_Task item_.
A faithful copy of the data is what is wanted, minus any pictures.

Dataset entries Block Start

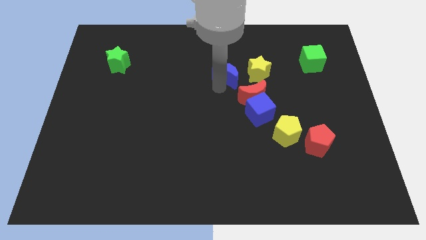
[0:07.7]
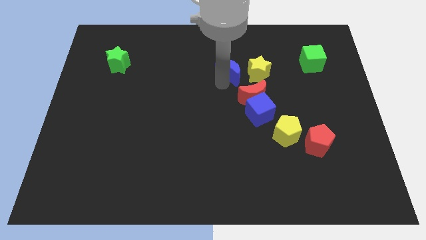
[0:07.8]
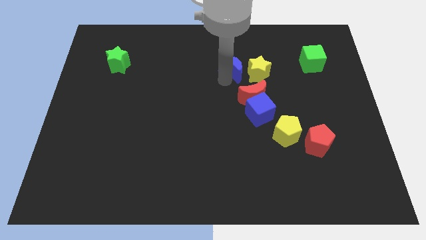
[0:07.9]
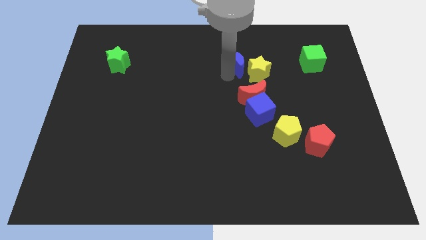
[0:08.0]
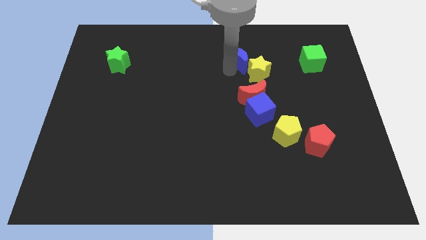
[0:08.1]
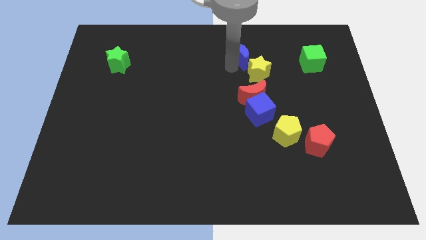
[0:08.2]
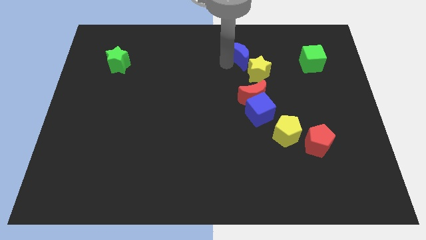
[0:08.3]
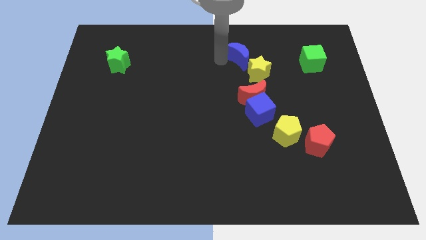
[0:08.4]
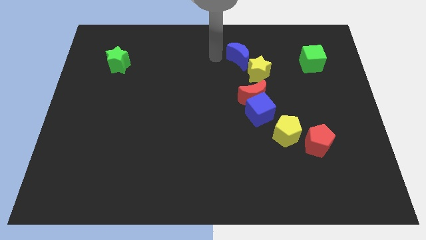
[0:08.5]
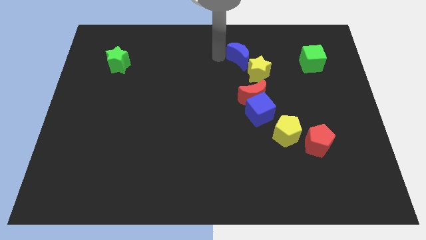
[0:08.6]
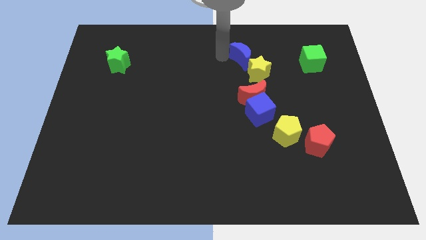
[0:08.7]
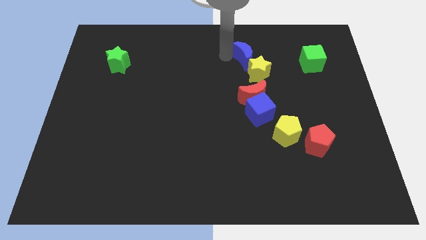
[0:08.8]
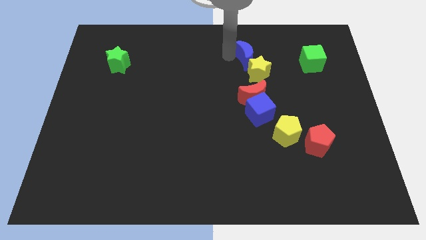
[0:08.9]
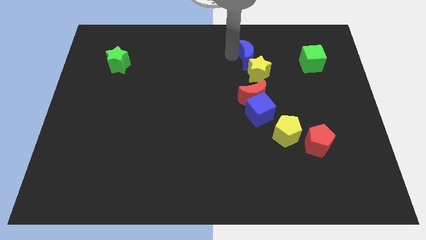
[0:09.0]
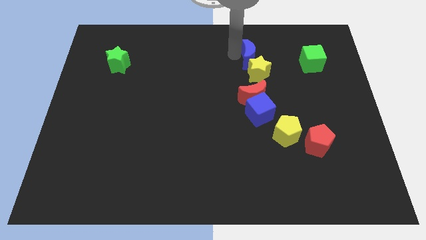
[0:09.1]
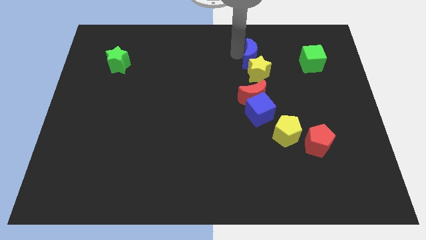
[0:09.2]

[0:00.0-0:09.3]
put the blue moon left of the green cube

Dataset entries Block End

_Output for this task_.
[0:07.7]
[0:07.8]
[0:07.9]
[0:08.0]
[0:08.1]
[0:08.2]
[0:08.3]
[0:08.4]
[0:08.5]
[0:08.6]
[0:08.7]
[0:08.8]
[0:08.9]
[0:09.0]
[0:09.1]
[0:09.2]

[0:00.0-0:09.3]
put the blue moon left of the green cube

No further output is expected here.